▶ **REQUIRED ACTION**:
Down to the last line, write out the entries below exactly and omit all pictures.

(Records from a dataset)
..........

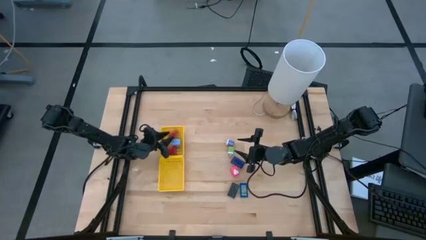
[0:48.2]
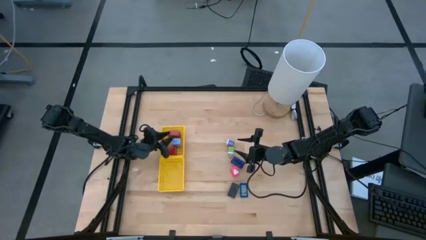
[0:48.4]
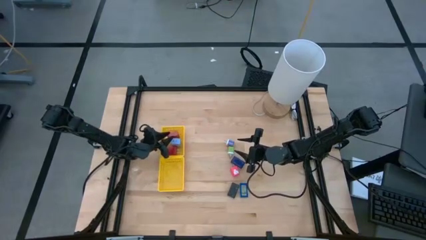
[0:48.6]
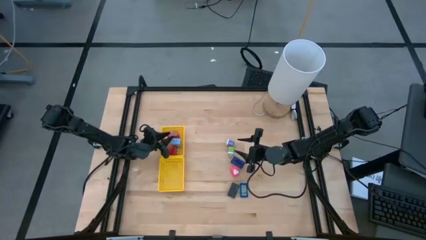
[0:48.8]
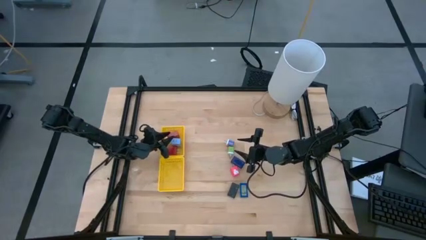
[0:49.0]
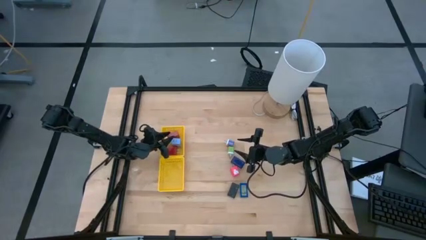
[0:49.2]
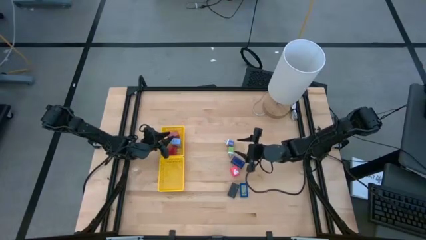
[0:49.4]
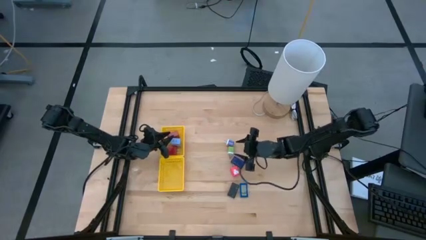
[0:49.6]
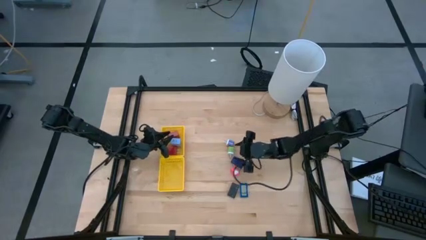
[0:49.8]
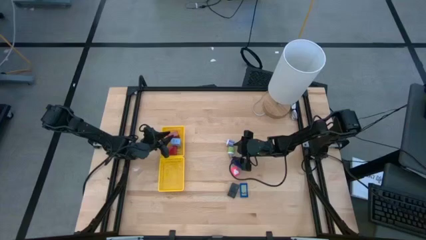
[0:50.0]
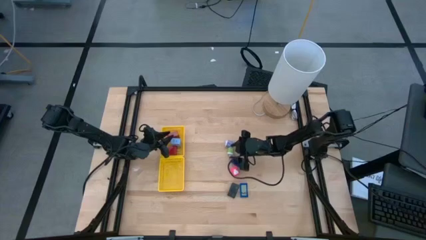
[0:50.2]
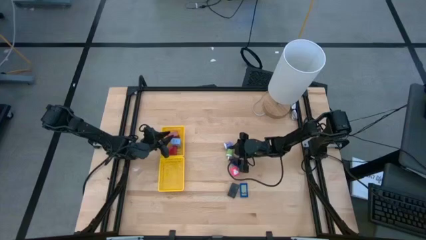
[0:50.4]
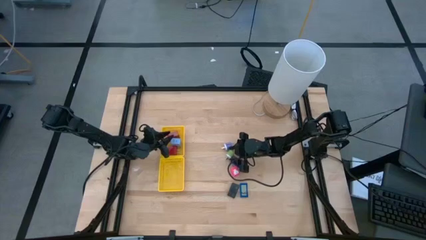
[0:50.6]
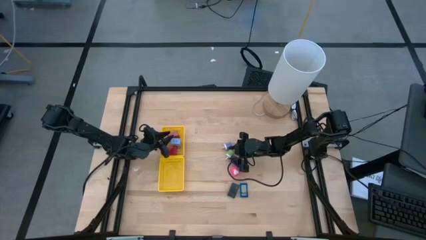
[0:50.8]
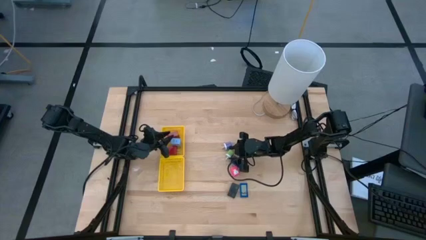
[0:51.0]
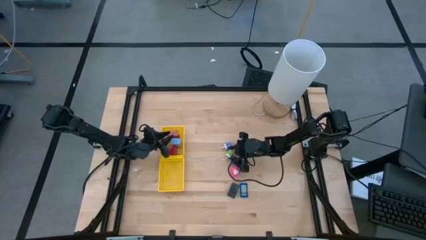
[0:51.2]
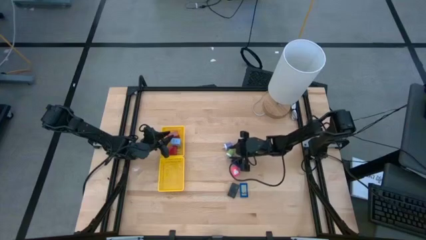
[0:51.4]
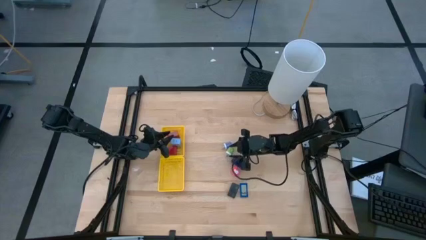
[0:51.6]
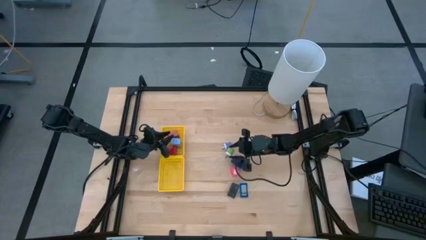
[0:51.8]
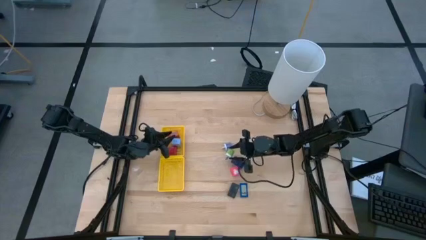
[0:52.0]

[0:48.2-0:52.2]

..........

▶ **ANSWER TO THIS PROBLEM**:
[0:48.2]
[0:48.4]
[0:48.6]
[0:48.8]
[0:49.0]
[0:49.2]
[0:49.4]
[0:49.6]
[0:49.8]
[0:50.0]
[0:50.2]
[0:50.4]
[0:50.6]
[0:50.8]
[0:51.0]
[0:51.2]
[0:51.4]
[0:51.6]
[0:51.8]
[0:52.0]

[0:48.2-0:52.2]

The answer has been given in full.